Sunday, July 19, 2009
Financial Storm Clouds Brewing?
The potential bankruptcy of CIT Financial might go little noticed outside the financial world, but could have potentially serious ramifications for the sports world. CIT has been a major financial player in the sports world and the NHL in particular. CIT has provided, among other loans, refinancing for the $130MM loan on ScotiaBank Place, the home of the Ottawa Senators; a $200MM loan facility used by Daryl Katz to purchase the Edmonton Oilers; and was a part of the $350MM loan syndicate that financed the construction of "The Rock"- the Prudential Center, home of the New Jersey Devils. It is also believed that they are one of the lenders financing the purchase of the Montreal Canadiens by the Molson brothers. Oh yes, I almost forgot. CIT is also a lender to the Nashville Predators. The Preds currently have a $20MM line of credit with the embattled lender, and CIT was on the hook for $40MM to William "Boots" del Biaggio. That debt was used to as a portion of the proceeds to obtain his 27% interest in the Preds and is currently tied up in bankruptcy court.
The financial arrangements of these loans I have referenced are to private enterprises and therefore are not publicly disclosed. Assume for a moment, however, that these loans have a "call" provision, meaning that the lender can re-negotiate the terms of the loan after a certain period of time. This is often a standard practice with sizable loans. Some call provisions even give an out to the lending institution in that they do not have to renew the loan but can demand for the outstanding balance to be paid in full. "So what?", you might ask. Consider this- you have a loan that was issued by a healthy lender under agreed upon terms that worked for the borrower. Now you have to re-negotiate the loan after a certain period of time, but your lender is now in dire financial straits. If, and that is a big if, you can re-negotiate the loan, the terms may not be as favorable. In fact, they may not be workable at all for the economics surrounding your hockey club. Well, you say, that's fine. I will just find another lender to work with me. In today's economic and lending environment, that is much easier said than done. The potential for an owner, or owners, is to face a financial doomsday scenario- unable to refinance at agreeable terms or find another lender to step in and take over the debt. As well, imagine, if an owner is trying to sell an NHL franchise in today's market. Financing that sale for a new buyer is going to be difficult, if not impossible, and their are very few owners that have the financial horsepower to write a check for most sports franchises.
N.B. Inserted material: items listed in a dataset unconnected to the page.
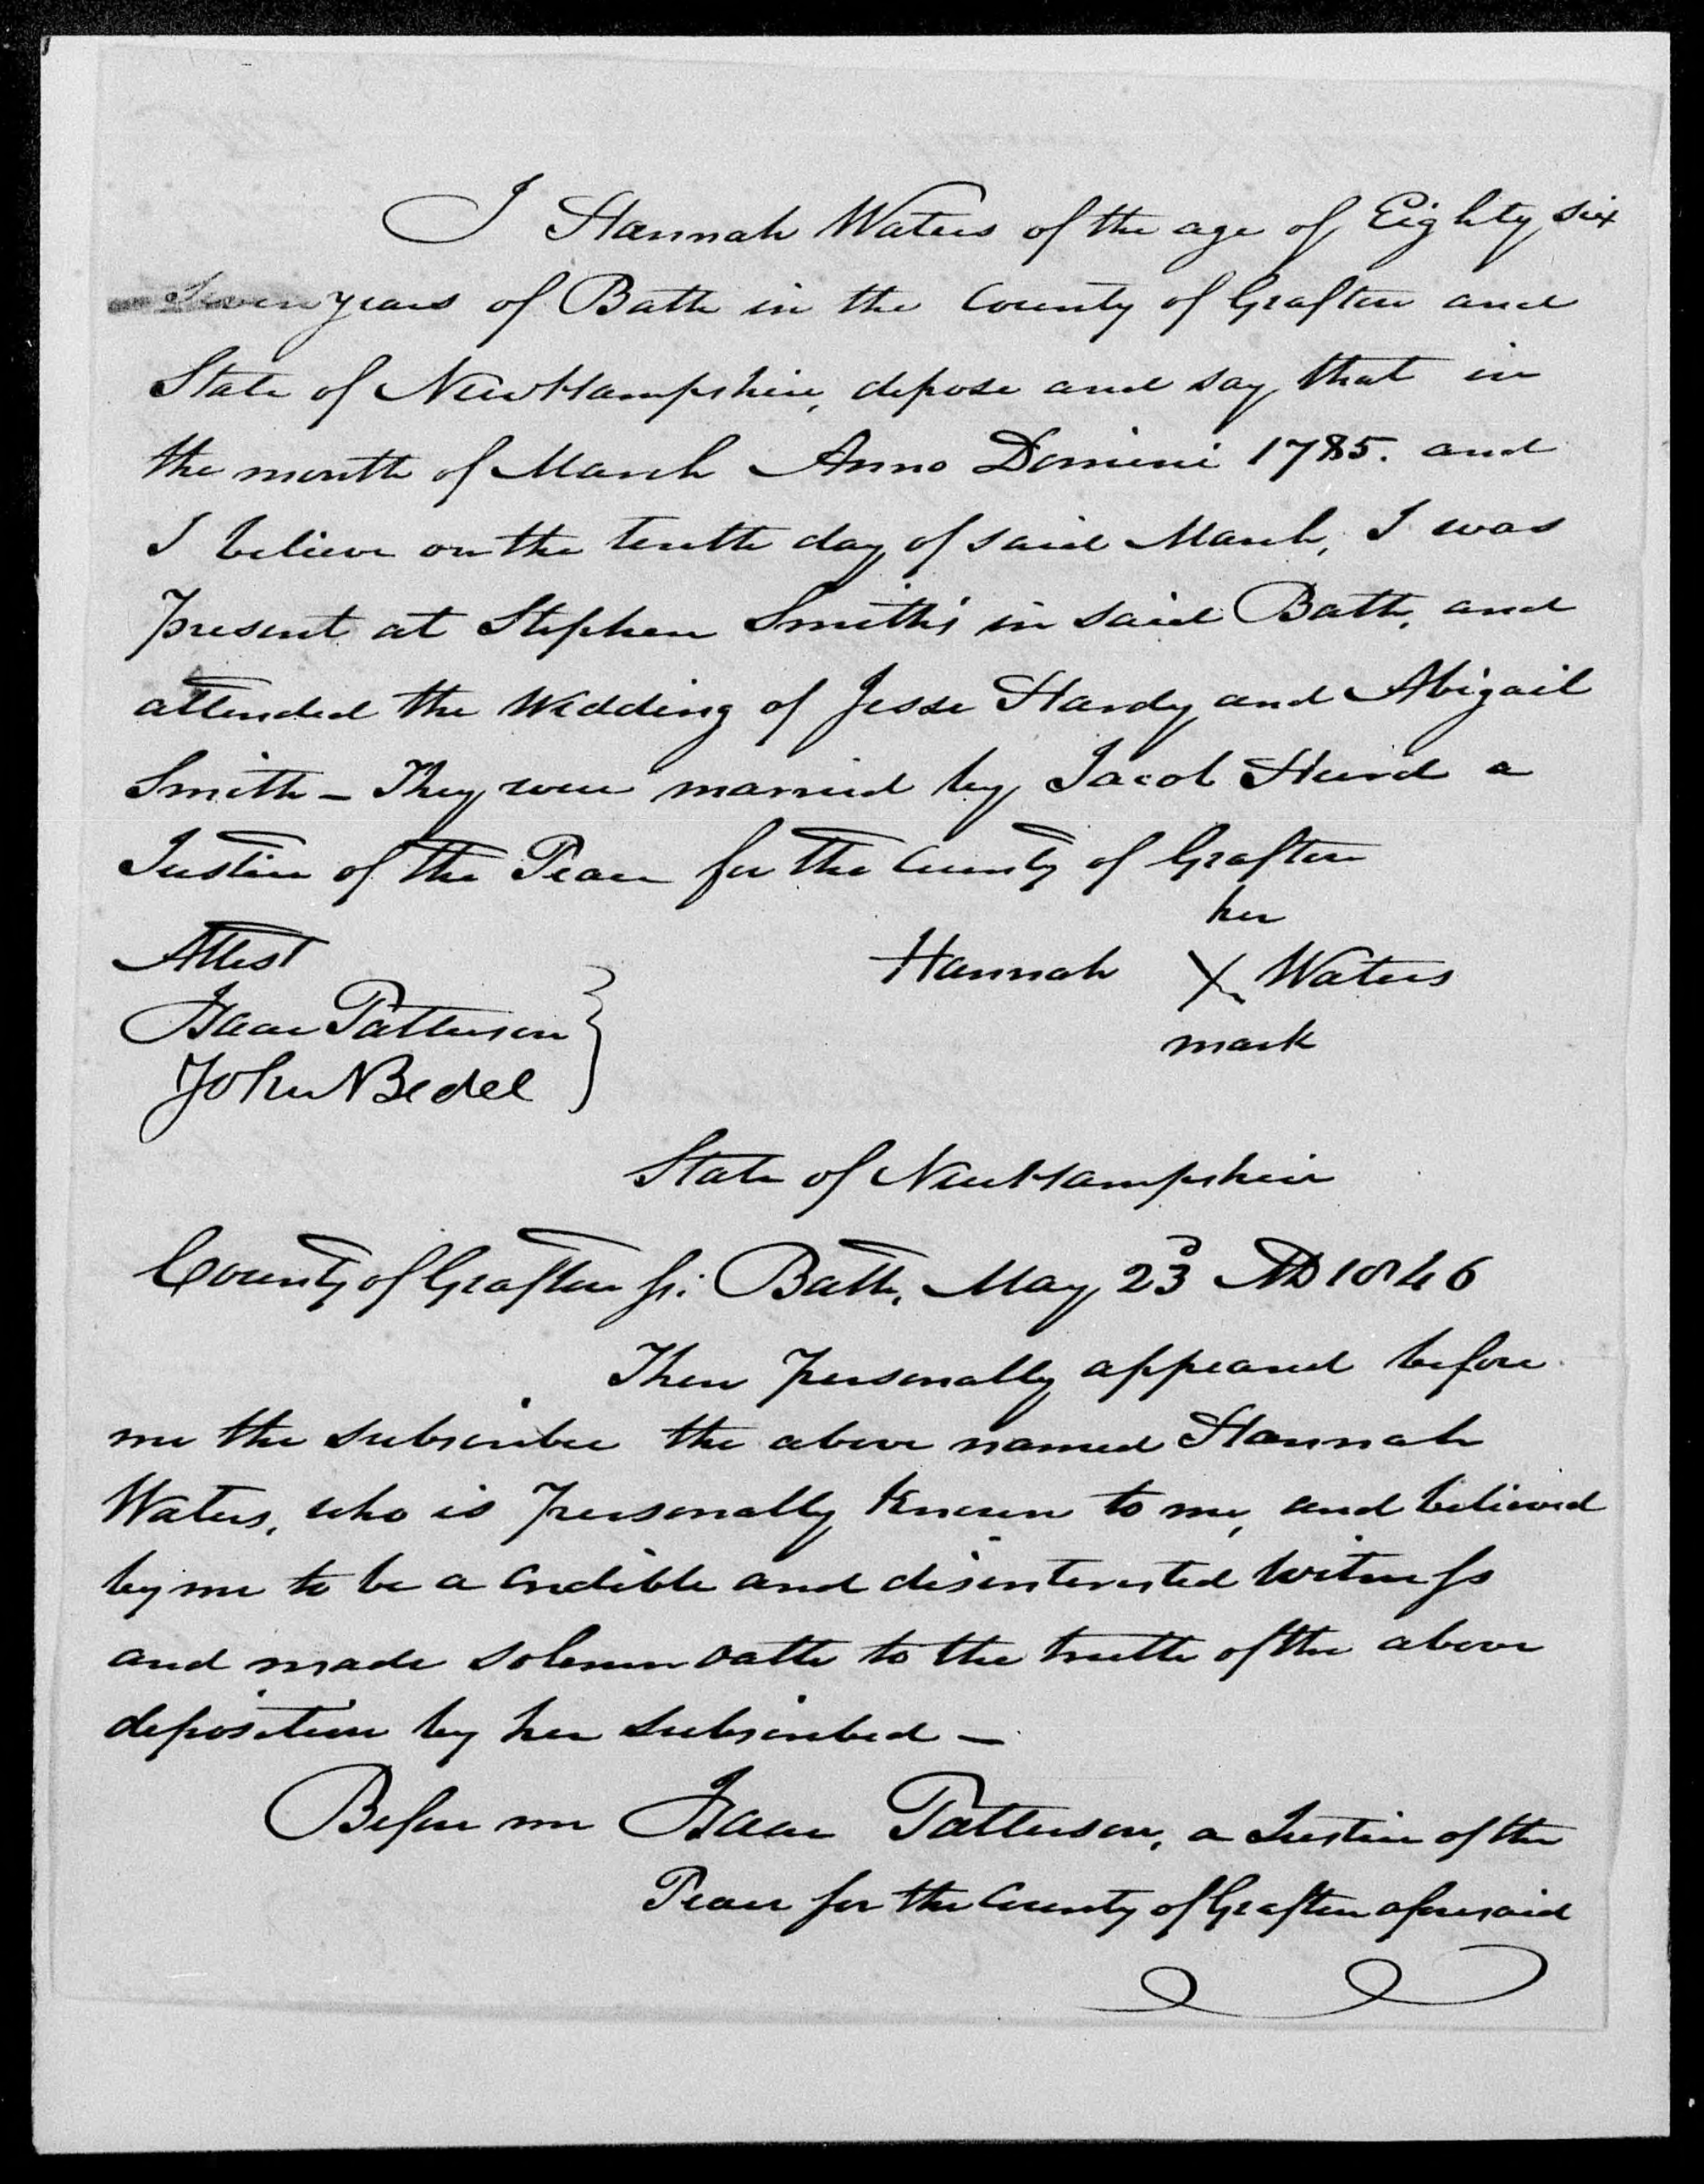I Hannah Waters of the age of Eighty six Seven years of Bath in the County of Grafton and State of New Hampshire depose and say that in the month of March Anno Domini 1785 and I believe on the tenth day of said March, I was present at Stephen Smith's in said Bath, and attended the wedding of Jesse Hardy and Abigail Smith-- They were married by Jacob Hand a Justice of the Peace for the County of Grafton Attest Isaac Patterson John Bedel Hannah Waters her X mark 
State of New Hampshire County of Grafton ss. Bath May 23d AD 1846 
Then personally appeared before me the subscribed the above named Hannah Waters, who is personally known to me and believed by me to be a credible and disinterested witness and made solemn oath to the truth of the above deposition by her subscribed- Before me Isaac Patterson, a Justice of the Peace for the County of Grafton aforesaid

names: Hannah Waters, John Bedel, Stephen Smith, Abigail Smith, Hannah Waters, Jacob Hurd, Isaac Patterson, Isaac Patterson, Hannah Waters, Jesse Hardy
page: 39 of 67
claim: widow's
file: W. 23183, Jesse Hardy, Mass.

The effects of this situation with CIT, and with lending to the sports world in general, can be devastating. Team owners could be faced with finding alternative sources of financing, which I believe will be difficult. Many teams use lines of credit to fund short term operating shortfalls and cash flow needs, and will be pinched if those dry up, forcing an owner to pony up more persoanl cash (if possible). Term loans that are re-negotiated at higher rates or less than favorable terms could force teams to divert operating revenue to debt service. That operating revenue is used from everything from funding payroll to operating an arena. Quality of the product on ice and the fan experience could suffer. And in the current environment, franchise values could fall. The market value of anything is only what a willing buyer will (and can) pay. It is the ability to pay that will be in question. Remember, I said that there are very few potential team owners that have the ability to write a check for a franchise. Most rely on some form of financing, and with few lenders willing to fund these purchases, values will ultimately fall.
There is no doubt the financial landscape has changed. The impact of those changes will not be positive and will take years to play out. It remains to be seen how these changes will impact the NHL and the sports world.